If an entry below holds a picture, skip the picture and copy everything else exactly.
*** EXCERPTED DATA ***
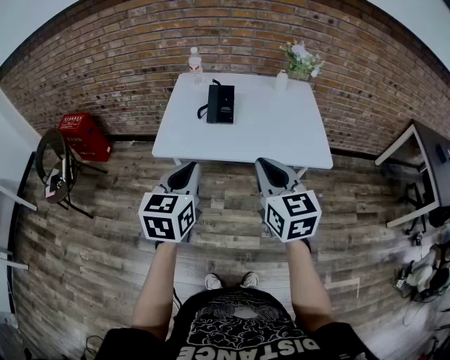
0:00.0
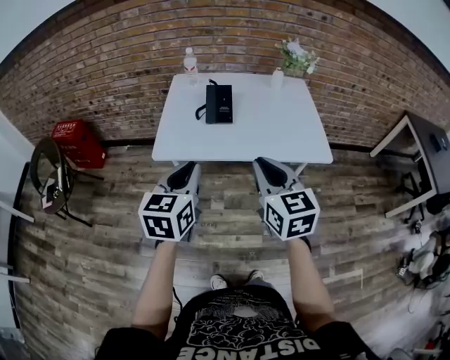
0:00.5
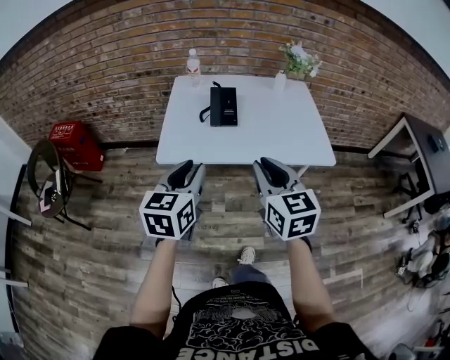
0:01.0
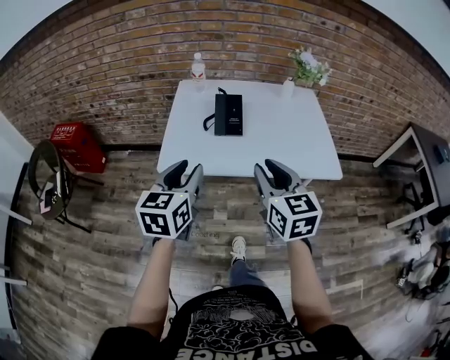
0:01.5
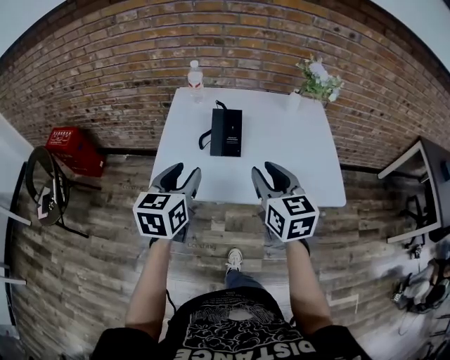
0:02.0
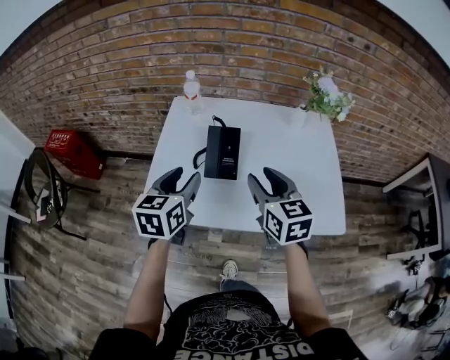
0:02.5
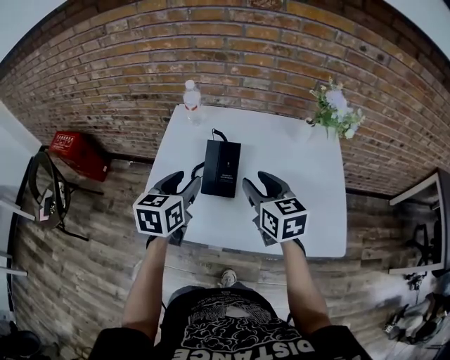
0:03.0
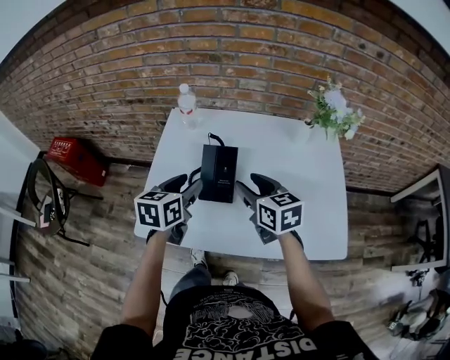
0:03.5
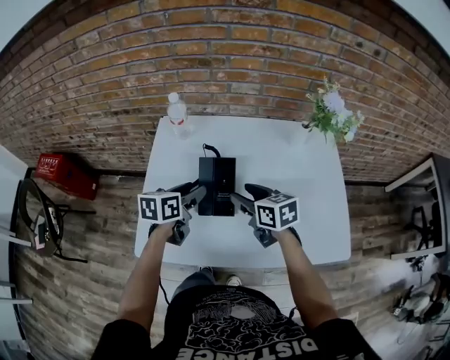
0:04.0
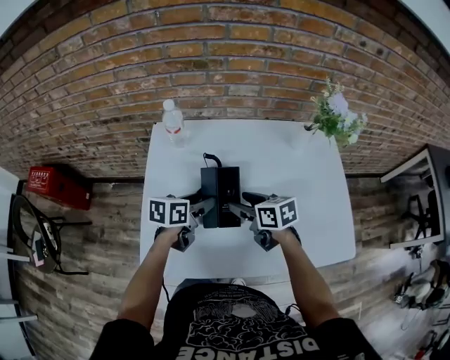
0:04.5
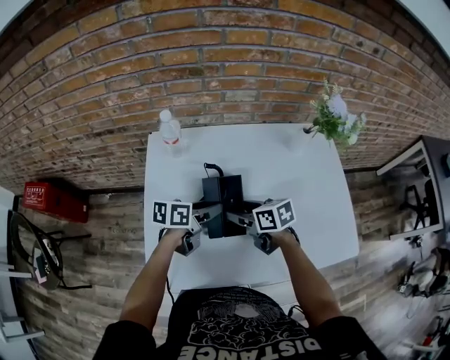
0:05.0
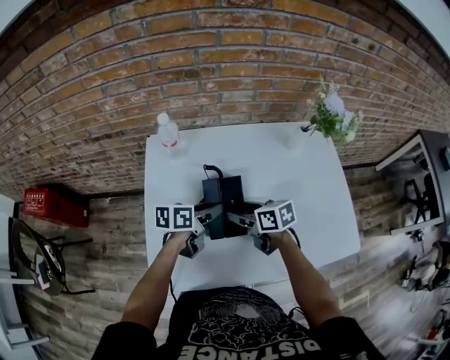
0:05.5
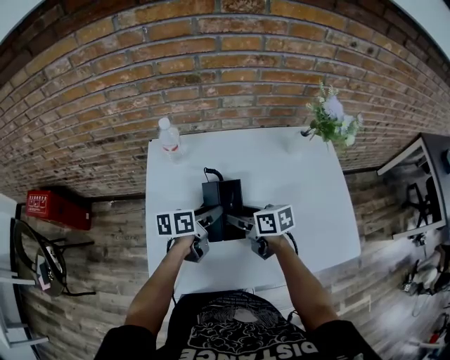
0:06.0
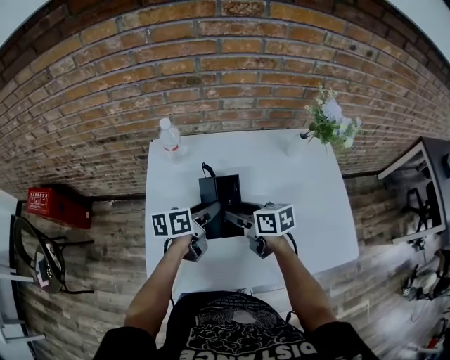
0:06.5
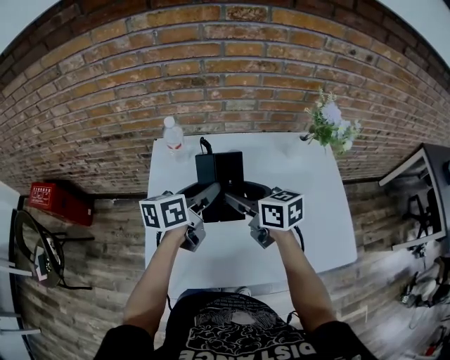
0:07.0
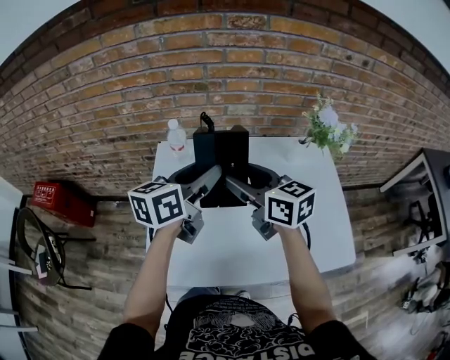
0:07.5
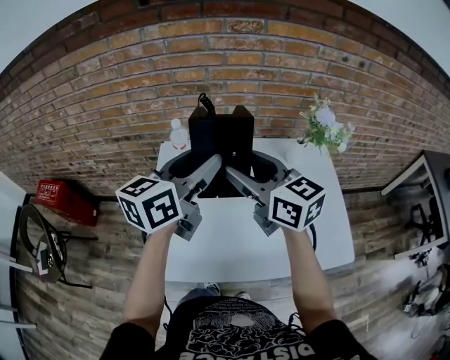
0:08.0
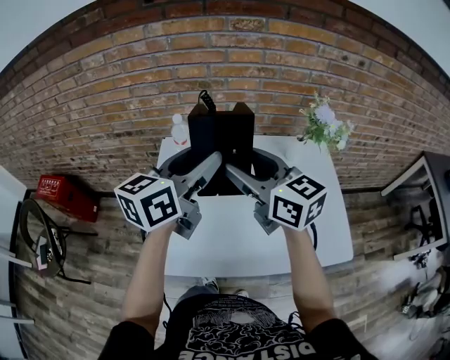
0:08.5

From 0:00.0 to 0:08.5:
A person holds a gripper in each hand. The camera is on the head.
From 0:00.0 to 0:02.0: The grippers both shift forward by approximately 20 cm. The left gripper opens its fingers, while the right gripper opens its fingers.
From 0:02.0 to 0:04.0: The two grippers go some 25 cm forward and downward. The right gripper turns by approximately 30 degrees, and opens its fingers. Meanwhile the left gripper rotates roughly 30 degrees.
From 0:04.0 to 0:06.5: The left gripper shifts by roughly 5 cm. The right gripper ends up approximately 5 cm from where it was.
From 0:06.5 to 0:08.5: Both grippers move upward, about 30 cm. The right gripper rotates roughly 40 degrees. Meanwhile the left gripper changes its angle by about 40 degrees.
*** End of EXCERPTED DATA ***
■ EXERCISE ANSWER ■
0:00.0
0:00.5
0:01.0
0:01.5
0:02.0
0:02.5
0:03.0
0:03.5
0:04.0
0:04.5
0:05.0
0:05.5
0:06.0
0:06.5
0:07.0
0:07.5
0:08.0
0:08.5

From 0:00.0 to 0:08.5:
A person holds a gripper in each hand. The camera is on the head.
From 0:00.0 to 0:02.0: The grippers both shift forward by approximately 20 cm. The left gripper opens its fingers, while the right gripper opens its fingers.
From 0:02.0 to 0:04.0: The two grippers go some 25 cm forward and downward. The right gripper turns by approximately 30 degrees, and opens its fingers. Meanwhile the left gripper rotates roughly 30 degrees.
From 0:04.0 to 0:06.5: The left gripper shifts by roughly 5 cm. The right gripper ends up approximately 5 cm from where it was.
From 0:06.5 to 0:08.5: Both grippers move upward, about 30 cm. The right gripper rotates roughly 40 degrees. Meanwhile the left gripper changes its angle by about 40 degrees.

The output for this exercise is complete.